**Work order**
Whenever a line below holds the word "miterlimit", copy that line.

**Input data**
###
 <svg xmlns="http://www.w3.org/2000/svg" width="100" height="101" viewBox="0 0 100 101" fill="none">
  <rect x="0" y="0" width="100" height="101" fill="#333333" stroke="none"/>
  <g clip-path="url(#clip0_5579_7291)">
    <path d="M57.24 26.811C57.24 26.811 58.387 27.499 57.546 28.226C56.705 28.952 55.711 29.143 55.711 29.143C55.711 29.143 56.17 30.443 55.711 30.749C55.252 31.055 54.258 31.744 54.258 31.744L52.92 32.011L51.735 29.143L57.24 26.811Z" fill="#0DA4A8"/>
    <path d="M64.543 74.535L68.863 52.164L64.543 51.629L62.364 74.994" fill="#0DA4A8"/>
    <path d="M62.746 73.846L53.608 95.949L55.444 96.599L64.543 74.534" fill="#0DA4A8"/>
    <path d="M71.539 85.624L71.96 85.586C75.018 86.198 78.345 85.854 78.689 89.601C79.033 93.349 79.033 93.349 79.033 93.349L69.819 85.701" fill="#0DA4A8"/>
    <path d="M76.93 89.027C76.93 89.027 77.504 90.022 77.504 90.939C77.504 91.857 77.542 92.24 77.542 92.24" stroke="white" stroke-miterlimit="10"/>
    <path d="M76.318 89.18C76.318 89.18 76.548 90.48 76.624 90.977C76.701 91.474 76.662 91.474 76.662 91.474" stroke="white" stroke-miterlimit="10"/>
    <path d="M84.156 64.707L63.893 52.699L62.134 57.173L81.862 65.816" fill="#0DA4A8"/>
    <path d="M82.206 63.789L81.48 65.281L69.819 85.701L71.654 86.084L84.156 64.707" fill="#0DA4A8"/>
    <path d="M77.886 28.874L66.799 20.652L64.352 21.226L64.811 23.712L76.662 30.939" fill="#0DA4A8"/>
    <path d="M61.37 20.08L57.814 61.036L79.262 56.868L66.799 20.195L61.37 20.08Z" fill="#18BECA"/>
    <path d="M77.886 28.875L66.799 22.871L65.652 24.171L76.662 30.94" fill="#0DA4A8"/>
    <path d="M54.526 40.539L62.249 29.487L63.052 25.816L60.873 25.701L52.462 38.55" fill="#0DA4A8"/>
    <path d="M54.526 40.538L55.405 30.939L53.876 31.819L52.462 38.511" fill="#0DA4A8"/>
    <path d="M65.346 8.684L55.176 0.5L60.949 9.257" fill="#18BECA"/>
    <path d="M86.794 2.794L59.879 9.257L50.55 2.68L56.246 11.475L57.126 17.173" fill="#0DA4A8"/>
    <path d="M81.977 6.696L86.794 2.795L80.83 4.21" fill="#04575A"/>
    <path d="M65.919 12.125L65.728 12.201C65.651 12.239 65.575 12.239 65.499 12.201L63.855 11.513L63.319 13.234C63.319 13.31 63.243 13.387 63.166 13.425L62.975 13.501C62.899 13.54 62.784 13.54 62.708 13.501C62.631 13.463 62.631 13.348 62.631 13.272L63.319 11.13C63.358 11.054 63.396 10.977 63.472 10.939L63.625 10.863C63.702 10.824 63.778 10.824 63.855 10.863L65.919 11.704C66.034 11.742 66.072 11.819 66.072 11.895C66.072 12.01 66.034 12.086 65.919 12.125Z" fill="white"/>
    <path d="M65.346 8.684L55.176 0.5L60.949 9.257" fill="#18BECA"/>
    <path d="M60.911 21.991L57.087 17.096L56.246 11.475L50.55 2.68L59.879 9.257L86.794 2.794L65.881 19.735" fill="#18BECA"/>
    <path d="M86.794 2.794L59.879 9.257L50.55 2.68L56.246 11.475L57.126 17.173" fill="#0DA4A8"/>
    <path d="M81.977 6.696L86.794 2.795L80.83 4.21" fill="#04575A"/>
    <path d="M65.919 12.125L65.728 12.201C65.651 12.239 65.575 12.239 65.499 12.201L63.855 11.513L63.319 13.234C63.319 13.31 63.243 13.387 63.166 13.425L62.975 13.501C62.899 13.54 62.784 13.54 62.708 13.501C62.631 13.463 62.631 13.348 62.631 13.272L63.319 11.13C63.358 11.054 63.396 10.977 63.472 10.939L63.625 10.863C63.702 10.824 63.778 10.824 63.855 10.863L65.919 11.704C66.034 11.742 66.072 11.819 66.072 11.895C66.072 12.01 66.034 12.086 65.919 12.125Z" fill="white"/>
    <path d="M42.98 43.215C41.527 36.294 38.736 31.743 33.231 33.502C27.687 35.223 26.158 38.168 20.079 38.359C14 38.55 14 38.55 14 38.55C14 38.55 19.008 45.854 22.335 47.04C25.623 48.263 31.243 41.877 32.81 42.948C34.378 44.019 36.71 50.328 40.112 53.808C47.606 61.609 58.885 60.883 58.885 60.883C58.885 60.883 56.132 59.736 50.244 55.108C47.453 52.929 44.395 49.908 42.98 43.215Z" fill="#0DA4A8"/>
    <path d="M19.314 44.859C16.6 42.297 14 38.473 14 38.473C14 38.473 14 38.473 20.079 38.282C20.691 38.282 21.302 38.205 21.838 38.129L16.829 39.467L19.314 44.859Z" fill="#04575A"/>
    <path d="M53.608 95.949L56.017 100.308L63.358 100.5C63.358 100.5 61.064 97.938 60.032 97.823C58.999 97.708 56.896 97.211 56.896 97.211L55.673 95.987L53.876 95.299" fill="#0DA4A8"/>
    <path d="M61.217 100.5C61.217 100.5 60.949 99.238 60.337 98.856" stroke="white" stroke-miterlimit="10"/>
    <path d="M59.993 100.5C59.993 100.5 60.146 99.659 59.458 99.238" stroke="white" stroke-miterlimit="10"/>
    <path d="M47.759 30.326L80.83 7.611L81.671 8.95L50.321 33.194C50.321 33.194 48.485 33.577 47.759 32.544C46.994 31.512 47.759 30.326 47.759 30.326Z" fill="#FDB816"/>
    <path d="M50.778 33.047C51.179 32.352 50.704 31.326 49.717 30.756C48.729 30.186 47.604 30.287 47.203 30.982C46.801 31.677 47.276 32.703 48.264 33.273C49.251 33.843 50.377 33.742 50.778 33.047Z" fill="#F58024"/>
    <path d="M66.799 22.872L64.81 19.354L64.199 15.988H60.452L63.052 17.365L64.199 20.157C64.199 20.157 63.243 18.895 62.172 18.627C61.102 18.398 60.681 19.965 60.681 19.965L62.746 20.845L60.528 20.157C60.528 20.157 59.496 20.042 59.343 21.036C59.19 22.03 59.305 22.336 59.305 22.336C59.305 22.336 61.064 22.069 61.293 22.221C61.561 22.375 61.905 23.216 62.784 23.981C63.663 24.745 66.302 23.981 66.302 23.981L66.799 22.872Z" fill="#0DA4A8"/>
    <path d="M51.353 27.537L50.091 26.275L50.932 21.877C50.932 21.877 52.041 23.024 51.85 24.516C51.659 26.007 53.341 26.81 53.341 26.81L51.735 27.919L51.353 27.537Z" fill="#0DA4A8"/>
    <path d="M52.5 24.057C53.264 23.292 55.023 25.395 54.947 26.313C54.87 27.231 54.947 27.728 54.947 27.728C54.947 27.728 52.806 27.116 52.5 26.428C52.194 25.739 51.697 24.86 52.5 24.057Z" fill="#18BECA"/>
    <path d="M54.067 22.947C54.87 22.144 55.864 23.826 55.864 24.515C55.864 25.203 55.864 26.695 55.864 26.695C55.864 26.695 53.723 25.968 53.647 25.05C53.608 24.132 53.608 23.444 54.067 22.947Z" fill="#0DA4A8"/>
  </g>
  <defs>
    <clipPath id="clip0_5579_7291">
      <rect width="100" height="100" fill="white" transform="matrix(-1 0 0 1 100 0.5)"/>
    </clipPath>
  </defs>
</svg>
###
**Written response**
    <path d="M76.93 89.027C76.93 89.027 77.504 90.022 77.504 90.939C77.504 91.857 77.542 92.24 77.542 92.24" stroke="white" stroke-miterlimit="10"/>
    <path d="M76.318 89.18C76.318 89.18 76.548 90.48 76.624 90.977C76.701 91.474 76.662 91.474 76.662 91.474" stroke="white" stroke-miterlimit="10"/>
    <path d="M61.217 100.5C61.217 100.5 60.949 99.238 60.337 98.856" stroke="white" stroke-miterlimit="10"/>
    <path d="M59.993 100.5C59.993 100.5 60.146 99.659 59.458 99.238" stroke="white" stroke-miterlimit="10"/>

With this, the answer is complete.